Wednesday, July 11, 2012

The Weight of Consumption review

Last week was a frenetic blitz of rehearsing for our ensemble dance entitled “The Weight of Consumption,” one of Pick Up America’s Denver-based art projects choreographed by our very own Kelly, featuring as accompaniment, The Recycled Peace Drum, a shopping cart behemoth of a drum recently painted at the Hanuman Festival in Boulder to resemble a Dr. Suess creation.

Dancers and drummers were recruited to what became a volunteer cast of fifteen. We practiced several hours a day in the heat of the afternoon at Guildwerks this past week. Drought, record heat and no air-conditioning combined to make folks in attendance exclaim that the dance studio smelled “a bit like spaghetti.”

The story behind the dance is subconsciously tied to what PUA members have witnessed and internalized over the past two and a half years on the road picking up America’s trash. It recollects a past of abundance and sustainability, when rain fed us, and captures the moment of transition when that system was broken, as we hungrily sucked up the resources nature granted us and became solitary and disoriented. It ends with a realization that we can only get back to having healthy communities if we help each other break the material and immaterial chains that consume us. 
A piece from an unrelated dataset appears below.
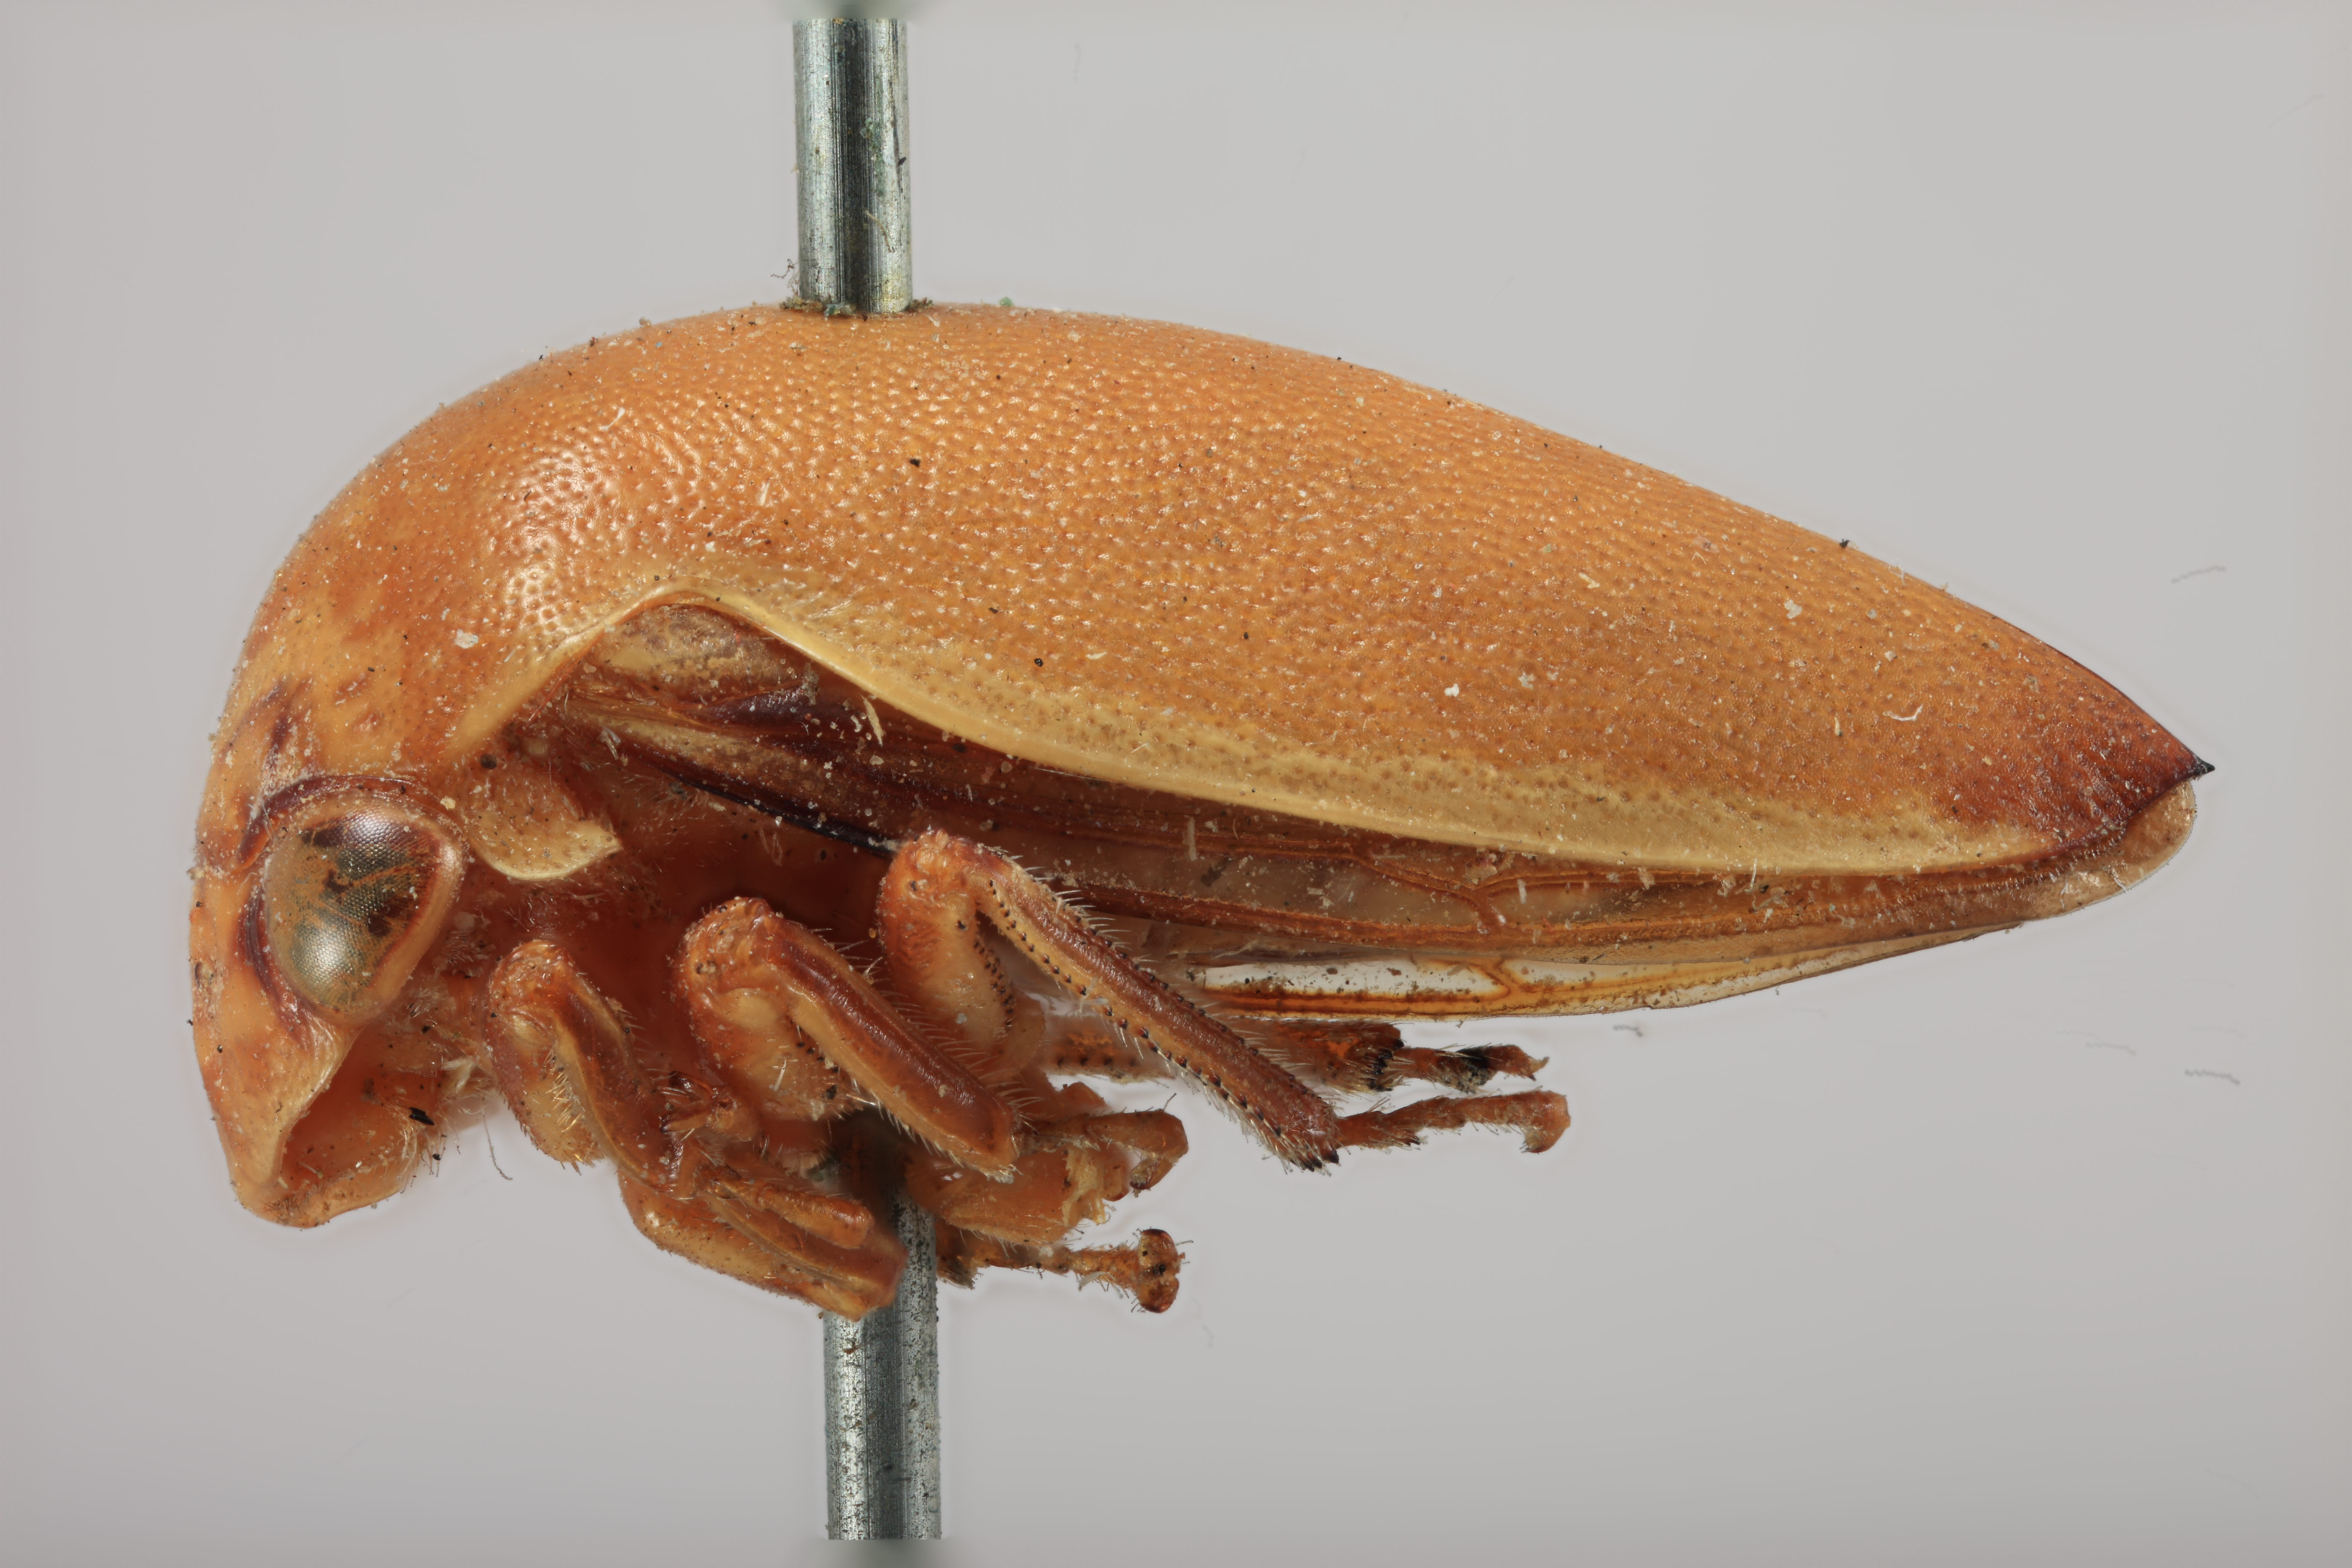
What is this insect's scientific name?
Stictopelta arizona
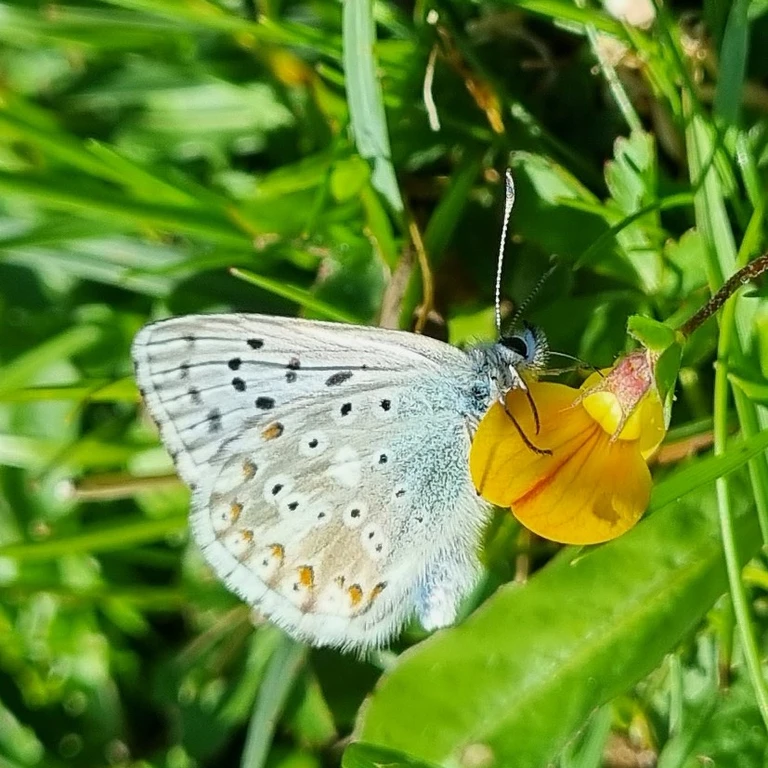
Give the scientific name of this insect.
Lysandra coridon

The themes and rhythms were evocative of a tribal rain dance, and given the extremely dry conditions and fires throughout the state of Colorado, many who looked on prayed it would indeed bear real fruit. As we made our final preparations and rehearsed Friday afternoon, the storm clouds gathered, and a vortex literally opened in the clouds above Guildwerks that resembled a dragon’s tail or snail shell. It proceeded to rain much-needed inches the rest of the night.   

We performed the dance twice Friday night. The first time was filmed and recorded live in the parking lot of Denver Open Media, where we were joined after the first act almost spontaneously by a march of Occupy Denver. Fortunately, the break between acts allowed Lily to read her lines as a mic check, the preferred form of communication in Occupy gatherings, and our voices were joined to those of the movement.

Occupy patiently let us finish the dance, and then asked us to join them, which led to a moment of inertia common to protests, and feels like the beginning of a battle charge, when everyone in a large group is focussed on a singular goal and taking to the streets. We decided to take the drum and join the Occupiers because moments like these don’t happen enough historically or presently.

We marched briefly down Santa Fe as First Friday was beginning to jump off. The art walkers stopped and cheered and took pictures, enjoying what to them was just another art piece as performance. Maybe that’s the best way to reach people; Pick Up America, after all, is just one big performance art piece trying to inspire change.  

The PUA contingent decided to head back and transport the drum and crew back to Guildwerks for our second performance. Guildwerks had invited us to perform at the unveiling party of a giant lotus flower effigy, built for Burning Man by the Colorado C.O.R.E. chapter. Several bands and DJs were playing including the ever-rawkus Inte Tribe.   

The second performance of “The Weight of Consumption” was even better than the first. As a drummer, I felt we rocked it and the music and dance was synchronized seamlessly. The crowd applauded us and in their enjoyment of our social commentary and the pondering of its message, our mission with this project was fulfilled. We now must finish building the bottle-brick bench in Five Points, and look ahead to crossing those mountains in the distance.